Open ozgune opened 8 years ago
We heard about providing native Spark integration with Citus from two customers (+2).
I'm also copying/pasting a conversation from https://github.com/citusdata/citus_docs/issues/209 as feedback on Spark integration to this comment.
I'm using Citus together with Slurm and Spark (about 400 compute cores in total). So I have many parallel SELECT
and INSERT/UPDATE
queries and many concurrent transactions. Most of my tables are relatively small, but some have > 100 million entries. I would like to stick to PostgreSQL for this data instead of using Cassandra or so because I need to perform spatial queries (for which I usePostgis). My goal is to horizontally scale-out INSERT
and SELECT
statements. It seems that I'm able to achieve this with Citus. However, I have to give up FOREIGN KEY
constraints and thus suffer in terms of data integrity (e.g. I can no longer do DELETE ON CASCADE
, but need to implement this logic application side).

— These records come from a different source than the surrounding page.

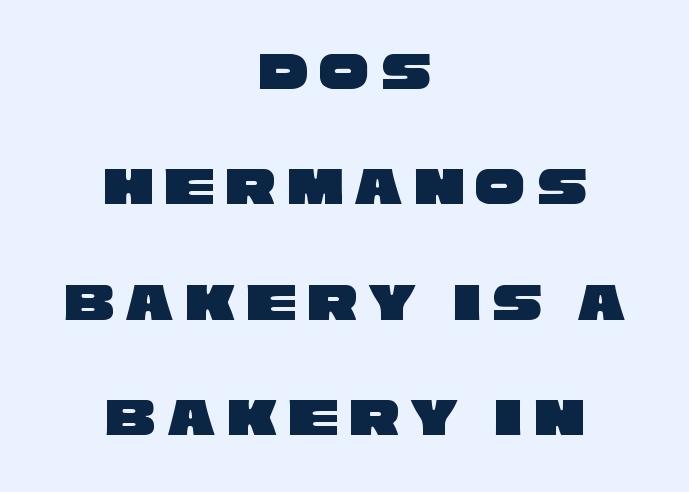
Looks like regular typesetting: each glyph gets only the width it needs. Notice how the passage keeps no hard edge, just a central spine. The characters display no serif detailing; their extremities are plain. The foot of each line stays bare and open. Leading: increased. Substantial extra tracking has been applied to these lines.
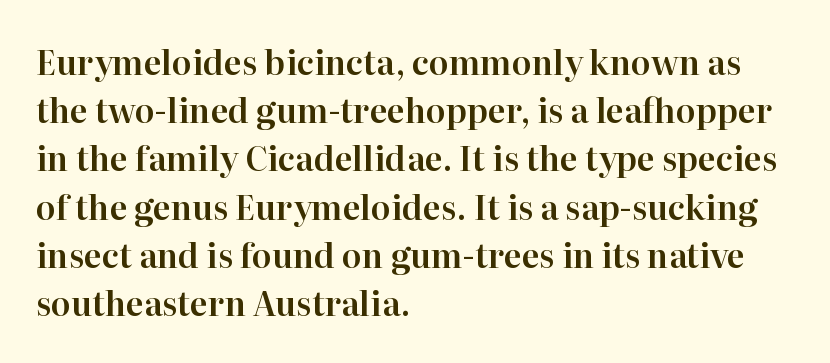
The image shows 33 px serif type, upright; set left-aligned, normal line spacing (1.46x), normal letter spacing, not underlined; high stroke contrast and a medium x-height.
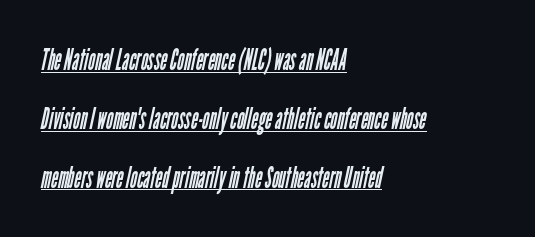
The typesetter chose a ragged-right arrangement here. Looks like someone drew a line under every word here. The letterforms sit at book weight or below. The horizontal fit of the characters is conventional and even.
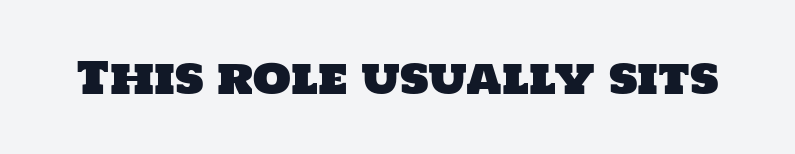
{"serif": "no", "width": "normal", "stroke_contrast": "low", "x_height": "large", "monospaced": "no", "underline": "no", "letter_spacing": "normal", "letter_spacing_em": 0.0, "glyph_px": 44}
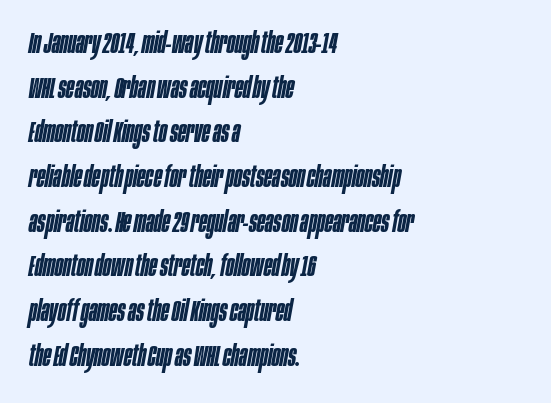
The image shows 30 px semibold, condensed type, italic (leaning right); set left-aligned, normal line spacing (1.49x), normal letter spacing, not underlined; low stroke contrast and a large x-height.
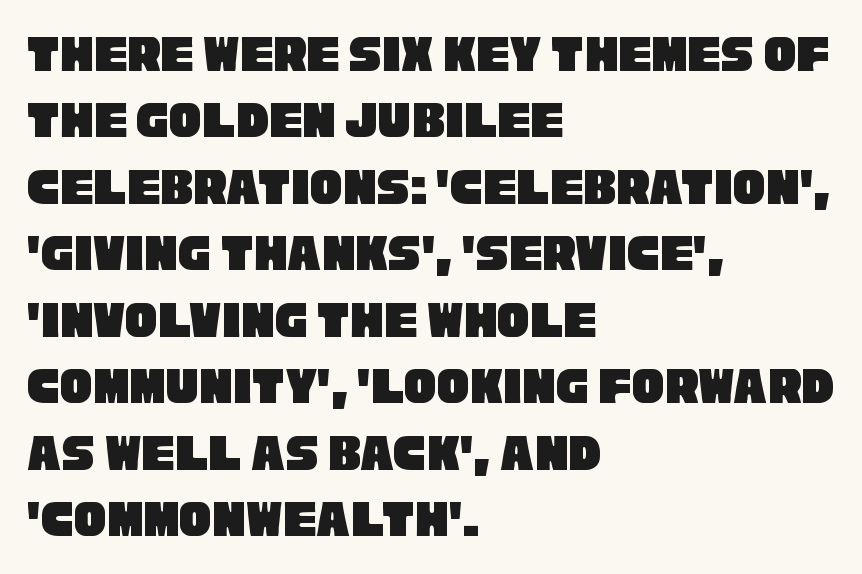
The image shows 54 px condensed sans-serif type; set left-aligned, line spacing 1.23x, normal letter spacing, not underlined; low stroke contrast and a large x-height.
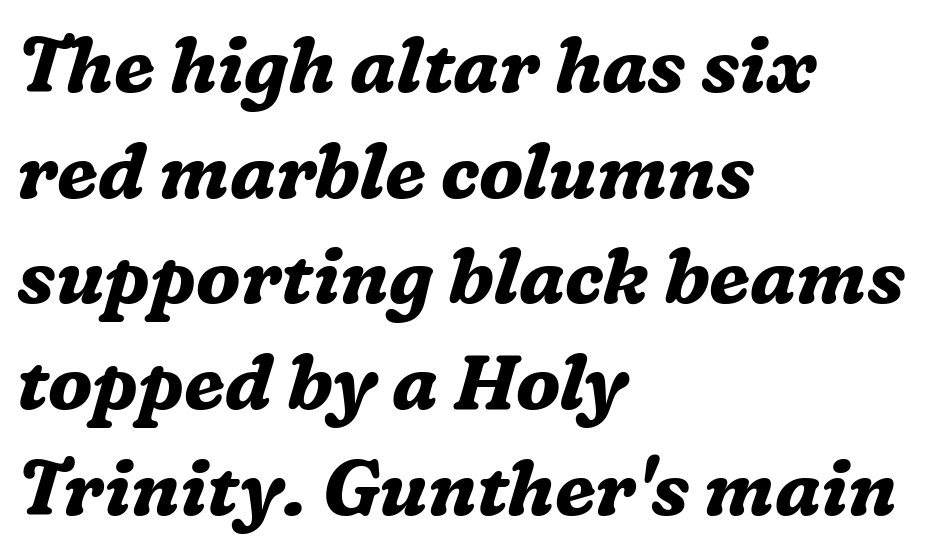
The image shows 76 px bold serif type, italic (leaning right); set left-aligned, normal line spacing (1.39x), normal letter spacing, not underlined; medium stroke contrast and a medium x-height.
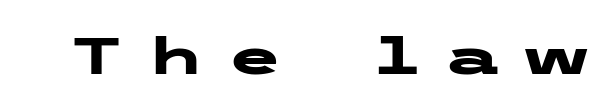
{"serif": "no", "italic": "no", "bold": "yes", "weight": "heavy", "width": "wide", "stroke_contrast": "low", "x_height": "medium", "underline": "no", "letter_spacing": "wide", "letter_spacing_em": 0.45, "glyph_px": 51}
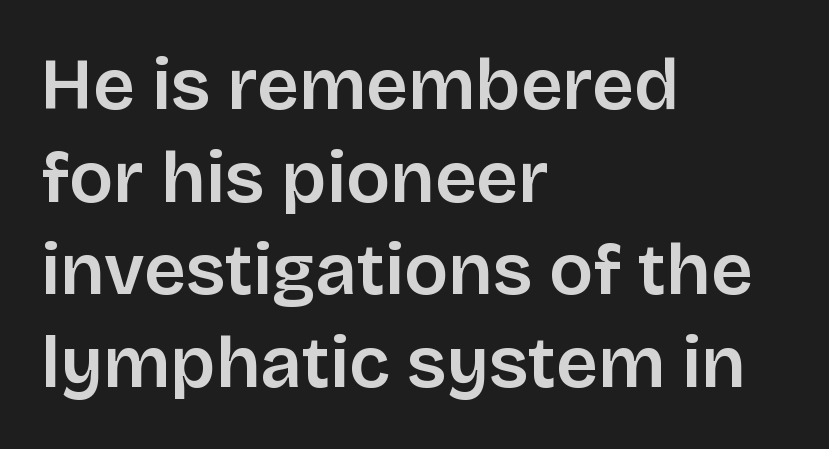
The image shows 73 px sans-serif type, upright; set left-aligned, normal line spacing (1.27x), normal letter spacing, not underlined; low stroke contrast and a large x-height.
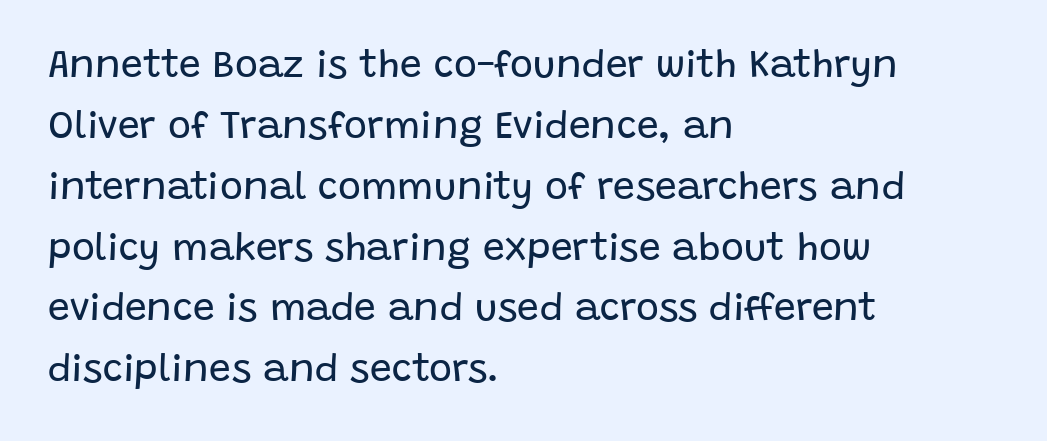
The image shows 39 px regular-weight sans-serif type, upright; set left-aligned, normal line spacing (1.56x), normal letter spacing, not underlined; low stroke contrast and a large x-height.
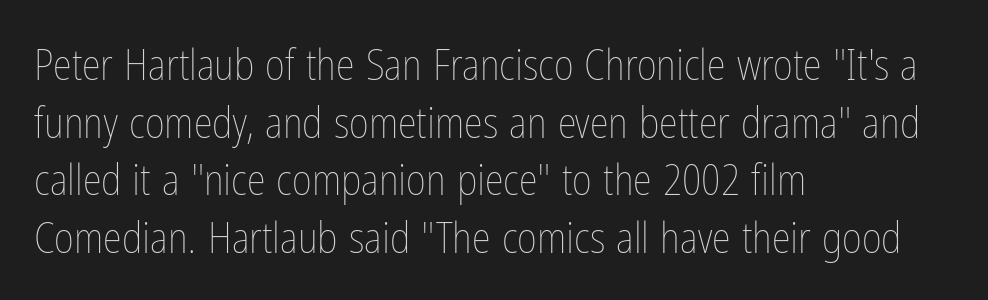
Q: Is the text bold? A: No.
Q: Is the text italic (slanted)? A: No, it is upright.
Q: Is the text underlined? A: No.
Q: How is the paragraph aligned? A: Left-aligned.
Q: Is the spacing between letters normal or unusually wide? A: Normal.
Q: Is the spacing between lines tight, normal or loose? A: Normal.
Q: Width (condensed, normal, or wide)? A: Condensed.
Q: Stroke contrast? A: Low.
Q: x-height? A: Medium.
Q: Monospaced? A: No.
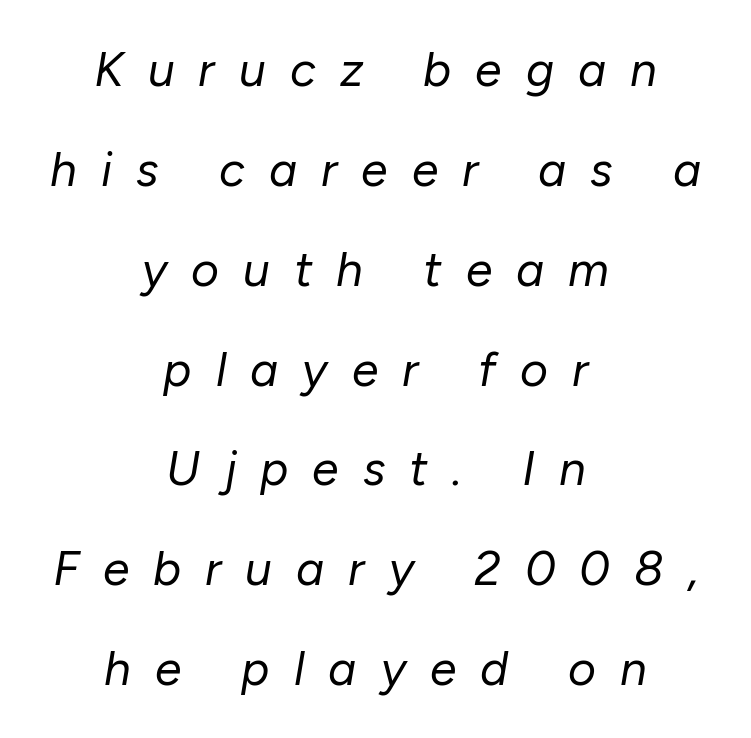
Q: Is the text bold? A: No.
Q: Is the text italic (slanted)? A: Yes, it leans right by about 10 degrees.
Q: Is the text underlined? A: No.
Q: How is the paragraph aligned? A: Centered.
Q: Is the spacing between letters normal or unusually wide? A: Unusually wide.
Q: Is the spacing between lines tight, normal or loose? A: Loose.
Q: Width (condensed, normal, or wide)? A: Normal.
Q: Stroke contrast? A: Low.
Q: x-height? A: Medium.
Q: Monospaced? A: No.
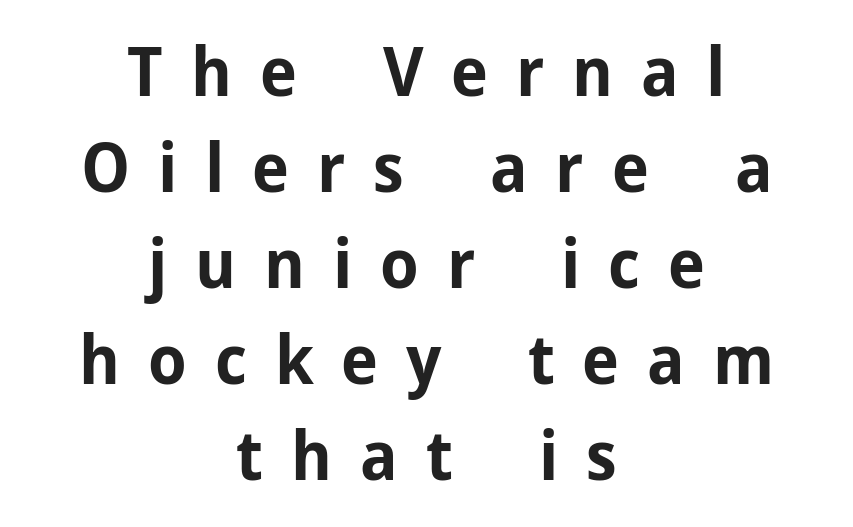
How would I describe the line gaps? Plain and ordinary. The letters are bold, with thick, heavy strokes. If you folded the block vertically in half, each line would mirror itself in length. This is sans-serif lettering, the kind often seen on screens and signage. Only glyphs here, with clear space below each row.
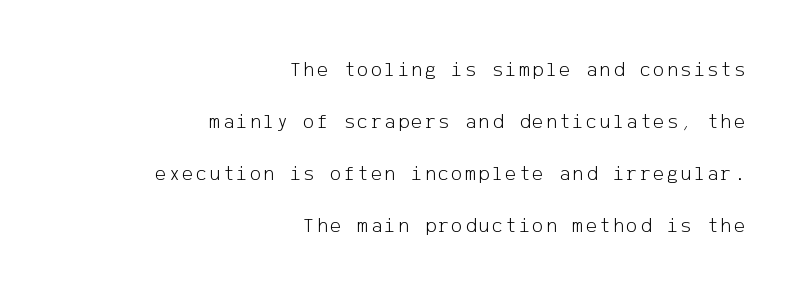
{"italic": "no", "bold": "no", "underline": "no", "align": "right", "line_spacing": "loose", "line_spacing_ratio": 2.48, "glyph_px": 21}
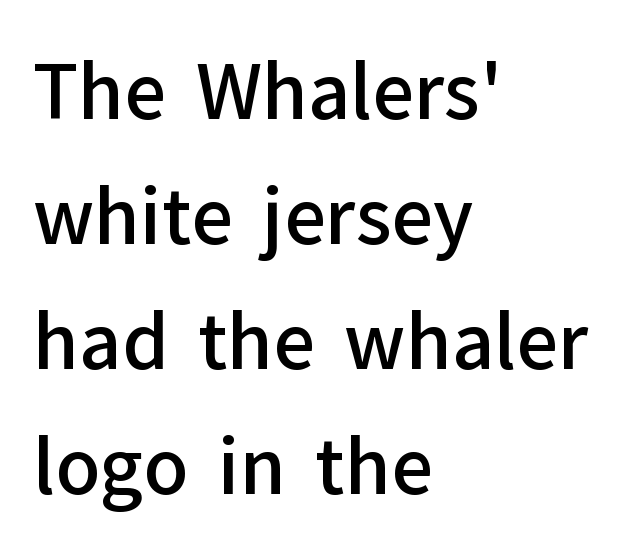
Q: Is the text bold? A: Semi-bold.
Q: Is the text italic (slanted)? A: No, it is upright.
Q: Is the typeface a serif or a sans-serif typeface? A: Sans-serif.
Q: Is the text underlined? A: No.
Q: How is the paragraph aligned? A: Left-aligned.
Q: Is the spacing between letters normal or unusually wide? A: Normal.
Q: Is the spacing between lines tight, normal or loose? A: Normal.
Q: Width (condensed, normal, or wide)? A: Normal.
Q: Stroke contrast? A: Low.
Q: x-height? A: Medium.
Q: Monospaced? A: No.
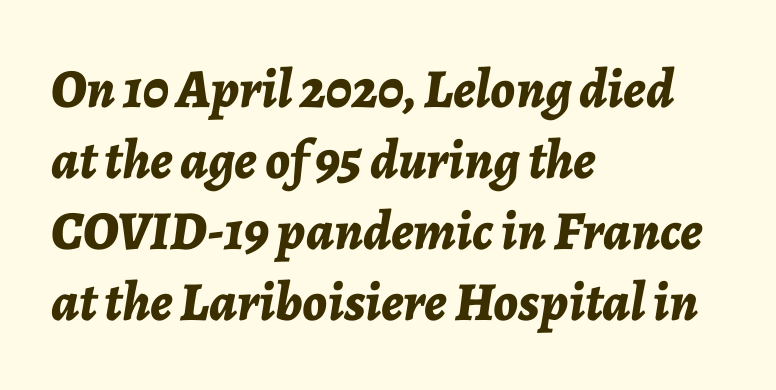
The image shows 55 px bold type, italic (leaning right); set left-aligned, normal line spacing (1.29x), normal letter spacing, not underlined; low stroke contrast and a medium x-height.
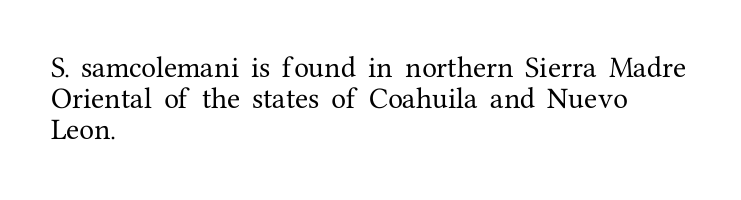
Q: Is the text italic (slanted)? A: No, it is upright.
Q: Is the text underlined? A: No.
Q: How is the paragraph aligned? A: Left-aligned.
Q: Is the spacing between letters normal or unusually wide? A: Normal.
Q: Is the spacing between lines tight, normal or loose? A: Normal.
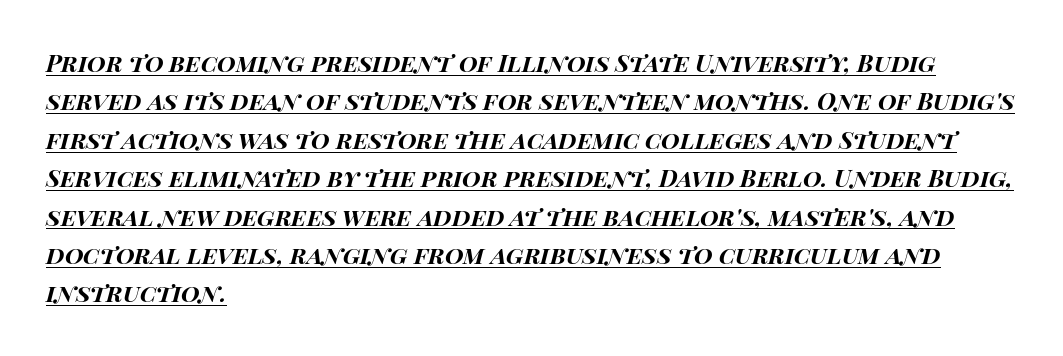
Q: Is the text bold? A: Yes.
Q: Is the text italic (slanted)? A: Yes, it leans right by about 15 degrees.
Q: Is the text underlined? A: Yes.
Q: How is the paragraph aligned? A: Left-aligned.
Q: Is the spacing between letters normal or unusually wide? A: Normal.
Q: Is the spacing between lines tight, normal or loose? A: Normal.
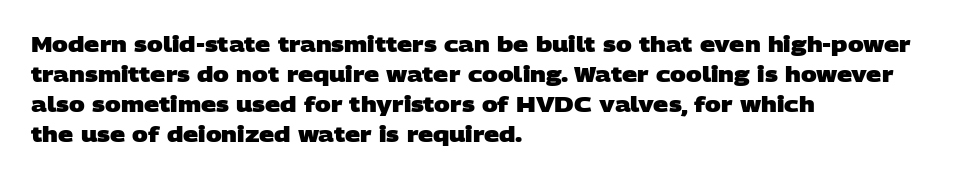
The image shows 21 px bold type; set left-aligned, normal line spacing (1.43x), normal letter spacing, not underlined.
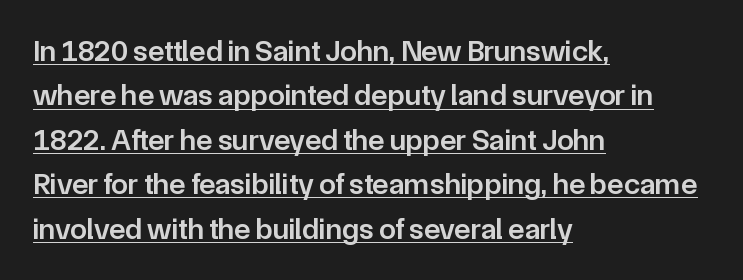
Q: Is the text bold? A: Semi-bold.
Q: Is the text italic (slanted)? A: No, it is upright.
Q: Is the typeface a serif or a sans-serif typeface? A: Sans-serif.
Q: Is the text underlined? A: Yes.
Q: How is the paragraph aligned? A: Left-aligned.
Q: Is the spacing between letters normal or unusually wide? A: Normal.
Q: Is the spacing between lines tight, normal or loose? A: Normal.
Q: Width (condensed, normal, or wide)? A: Normal.
Q: Stroke contrast? A: Low.
Q: x-height? A: Medium.
Q: Monospaced? A: No.
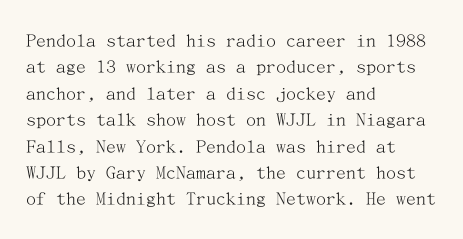
Q: Is the text bold? A: No.
Q: Is the text italic (slanted)? A: No, it is upright.
Q: Is the text underlined? A: No.
Q: How is the paragraph aligned? A: Left-aligned.
Q: Is the spacing between letters normal or unusually wide? A: Normal.
Q: Is the spacing between lines tight, normal or loose? A: Normal.
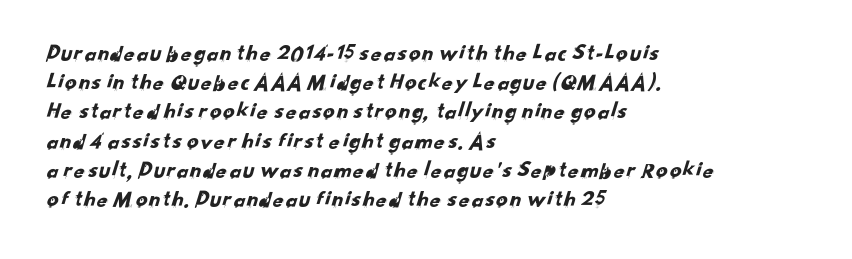
{"underline": "no", "align": "left", "line_spacing": "normal", "line_spacing_ratio": 1.27, "letter_spacing": "normal", "letter_spacing_em": 0.0, "glyph_px": 23}
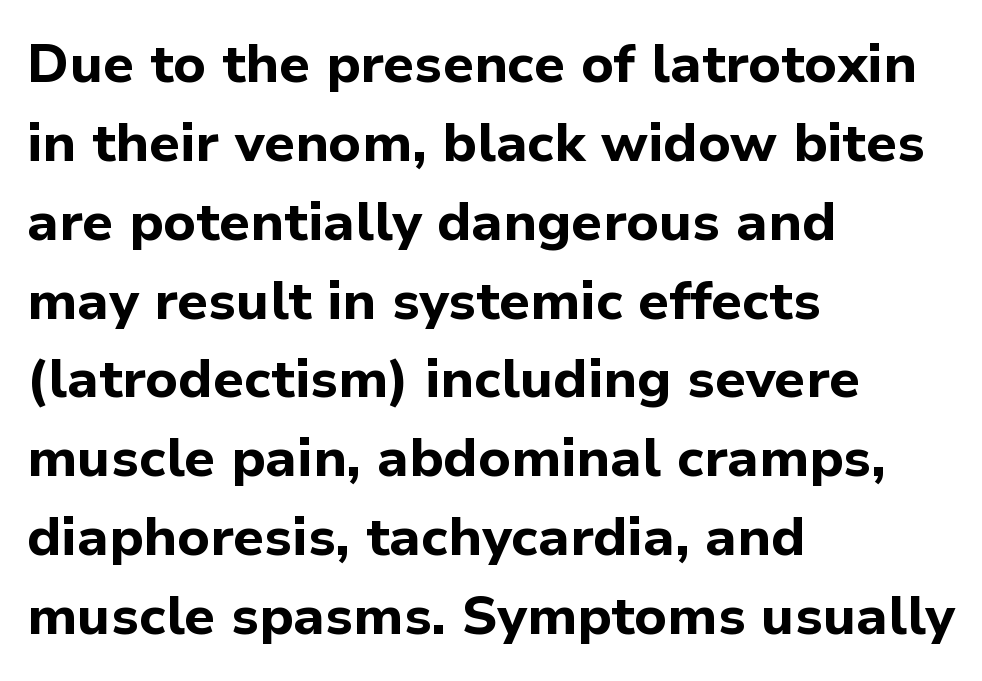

Is this idea now collecting dust? Still looking for options of using Spark efficiently with Citus.
@dimon222, could you a bit explain what kind of integration are you looking for, and what are you trying to accomplish?
Here is a way to use Citus with Spark; https://github.com/koeninger/spark-citus
Is there any plan to create a custom spark datasource implementation. We currently use the spark-citus. -> but this only works for writing data not reading.
In should be really cool if spark can just load the citus shards in rdd partitions do some transformations maybe ML things and the store the results back. -> even maybe upsert.
Has anyone tried to load citus shards parallel using spark?
Is there any plan to create a custom spark datasource implementation. We currently use the spark-citus. -> but this only works for writing data not reading.
In should be really cool if spark can just load the citus shards in rdd partitions do some transformations maybe ML things and the store the results back. -> even maybe upsert.
Has anyone explored this. We are also using spark and looking for above feature which be of great value.
We could consider writing a spark_fdw (foreign data wrapper) to enable querying data in Spark.
Or we could build a tight integration between Spark and PostgreSQL / Citus. In this scenario, Spark manages distributed roll-ups and PostgreSQL acts as the presentation layer.